** Task directions **
Please tally the lines of the records that contain "face" and send back only the total.

** Extracted information **
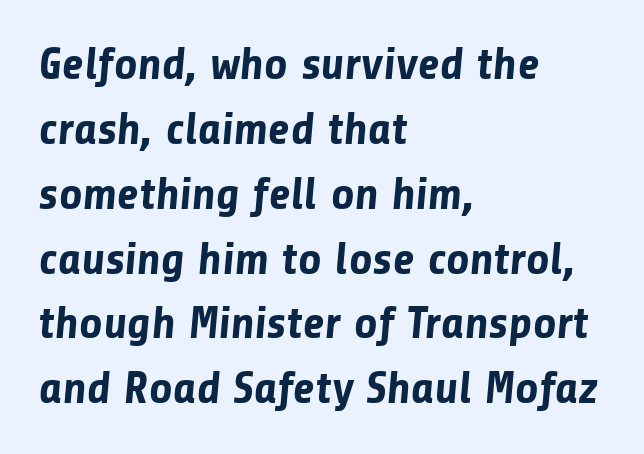
The image shows 46 px bold sans-serif type; set left-aligned, normal line spacing (1.41x), normal letter spacing, not underlined; low stroke contrast and a medium x-height.
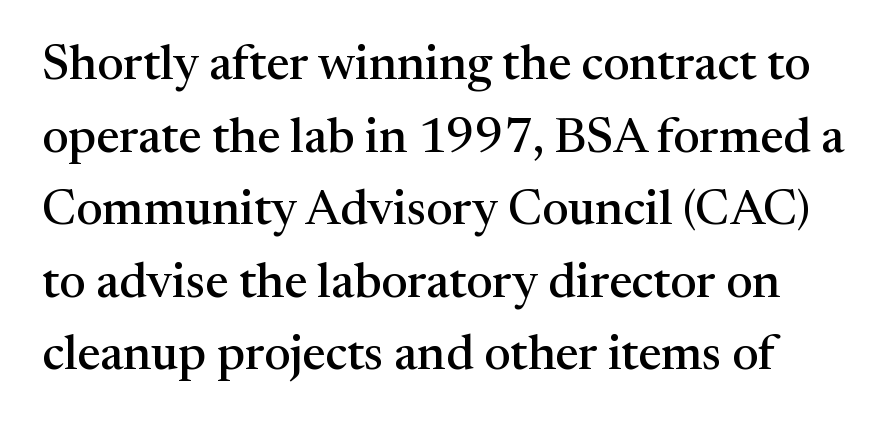
Quick note: not italic, upright. What's the leading like? Ordinary, nothing unusual. Unlike a clean sans, this face finishes its strokes with serifs. Beneath every word, the page is bare. Proportional: the letters do not fall into vertical columns.
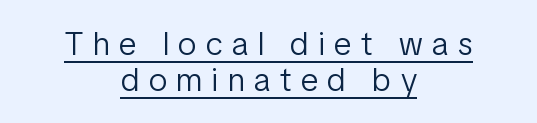
The image shows 33 px light, condensed sans-serif type, upright; set centered, tight line spacing (1.08x), unusually wide letter spacing (+0.29 em), underlined; low stroke contrast and a medium x-height.
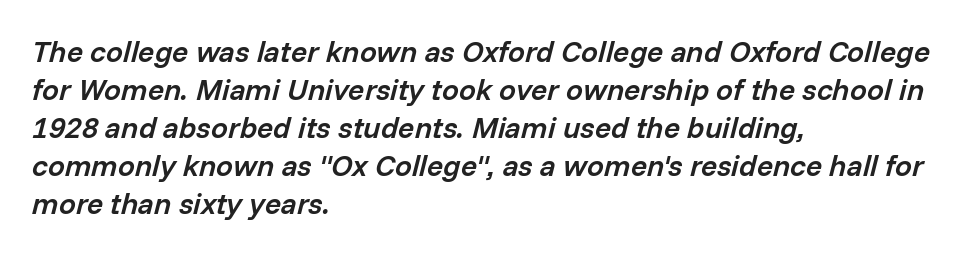
Q: Is the text bold? A: Semi-bold.
Q: Is the text italic (slanted)? A: Yes, it leans right by about 14 degrees.
Q: Is the text underlined? A: No.
Q: How is the paragraph aligned? A: Left-aligned.
Q: Is the spacing between letters normal or unusually wide? A: Normal.
Q: Is the spacing between lines tight, normal or loose? A: Normal.
Q: Width (condensed, normal, or wide)? A: Normal.
Q: Stroke contrast? A: Low.
Q: x-height? A: Medium.
Q: Monospaced? A: No.
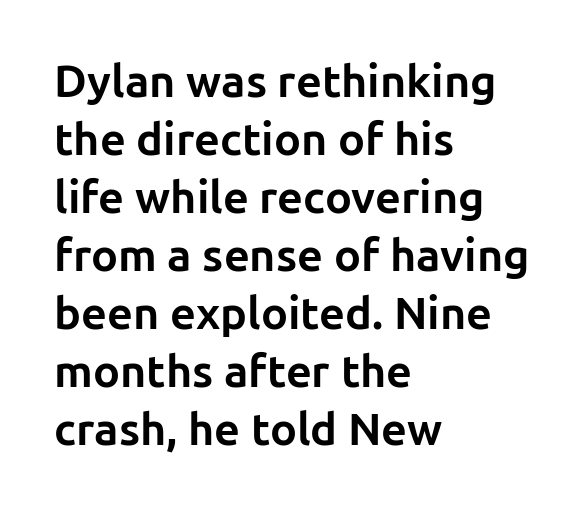
The image shows 45 px bold sans-serif type, upright; set left-aligned, normal line spacing (1.29x), normal letter spacing, not underlined; low stroke contrast and a medium x-height.
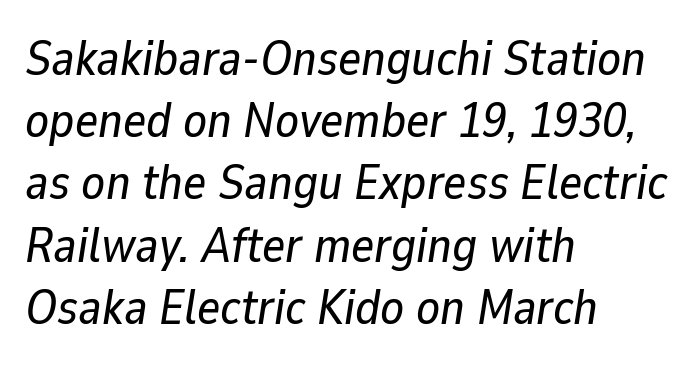
Q: Is the text italic (slanted)? A: Yes, it leans right by about 9 degrees.
Q: Is the text underlined? A: No.
Q: How is the paragraph aligned? A: Left-aligned.
Q: Is the spacing between letters normal or unusually wide? A: Normal.
Q: Is the spacing between lines tight, normal or loose? A: Normal.
Q: Width (condensed, normal, or wide)? A: Normal.
Q: Stroke contrast? A: Low.
Q: x-height? A: Medium.
Q: Monospaced? A: No.
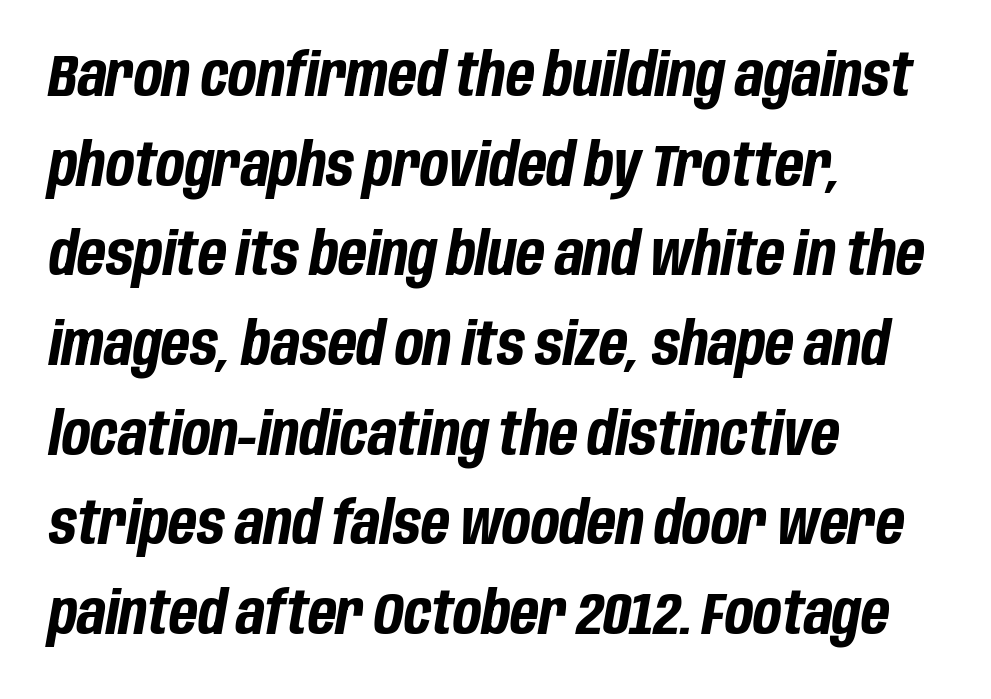
Heft: maximum for text — a bold. Here the designer chose a conventional face with non-uniform glyph widths. One-word summary of the alignment: left. The rendering keeps characters at their native spacing. Quick note: italic.

** Solution to the exercise **
2